WORK TO COMPLETE: Look through the entries below and return all lines including the word "stained".

(Data items)
=== Section Start ===
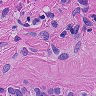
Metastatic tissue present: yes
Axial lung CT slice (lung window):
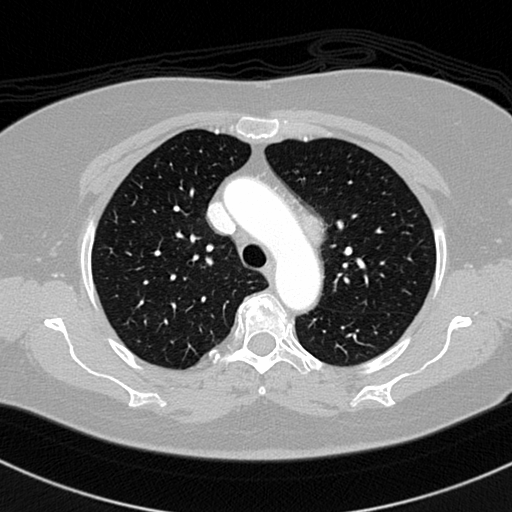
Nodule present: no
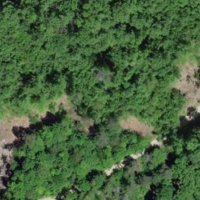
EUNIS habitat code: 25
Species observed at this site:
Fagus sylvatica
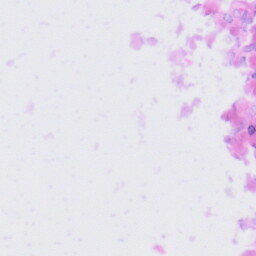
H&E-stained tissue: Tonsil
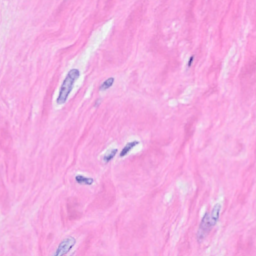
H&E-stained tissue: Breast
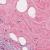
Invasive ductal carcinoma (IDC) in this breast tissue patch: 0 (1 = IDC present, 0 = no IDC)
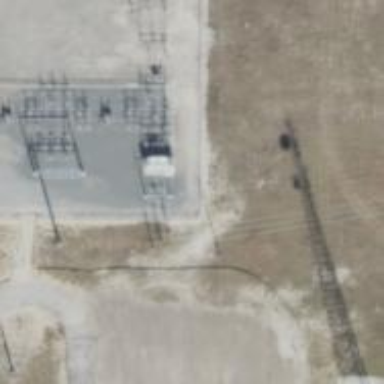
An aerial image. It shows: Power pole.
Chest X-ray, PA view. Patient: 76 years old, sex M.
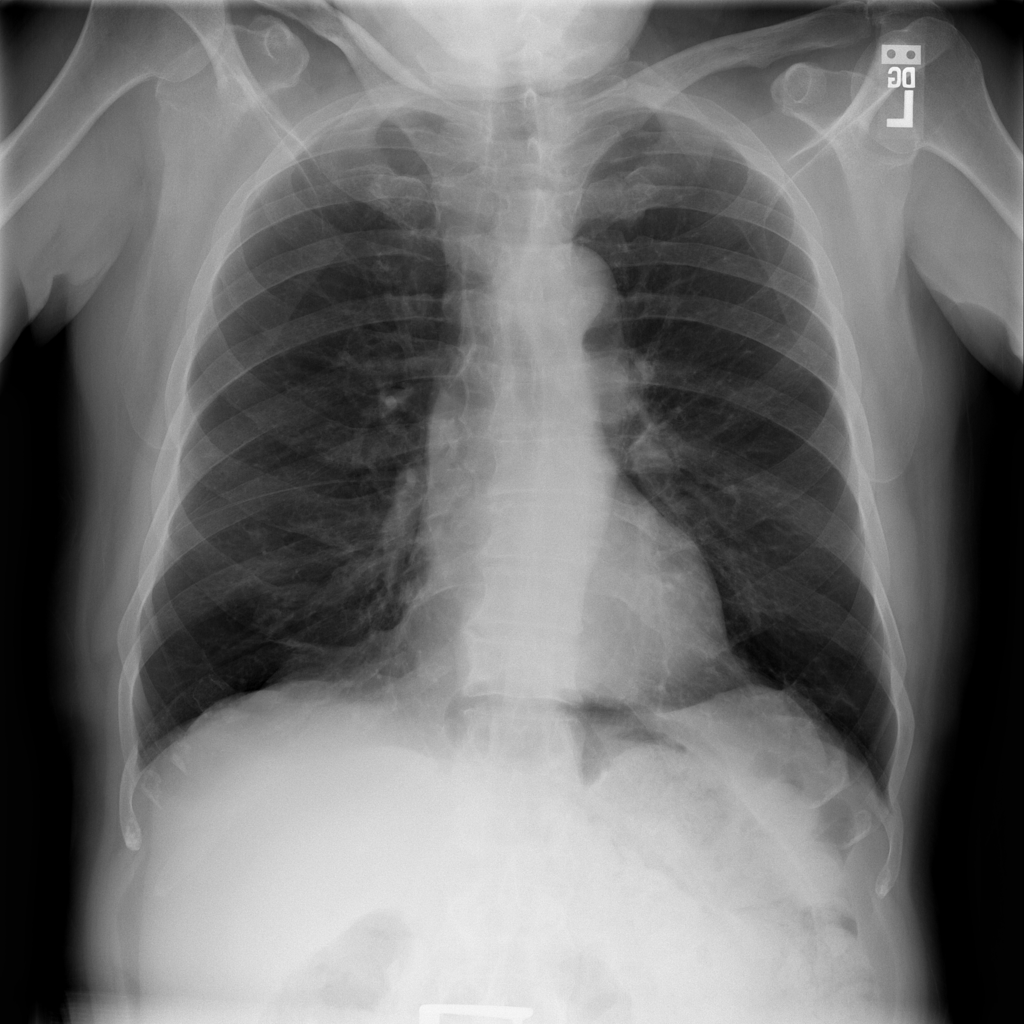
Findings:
=== Section End ===
FINISHED EXERCISE:
H&E-stained tissue: Tonsil
H&E-stained tissue: Breast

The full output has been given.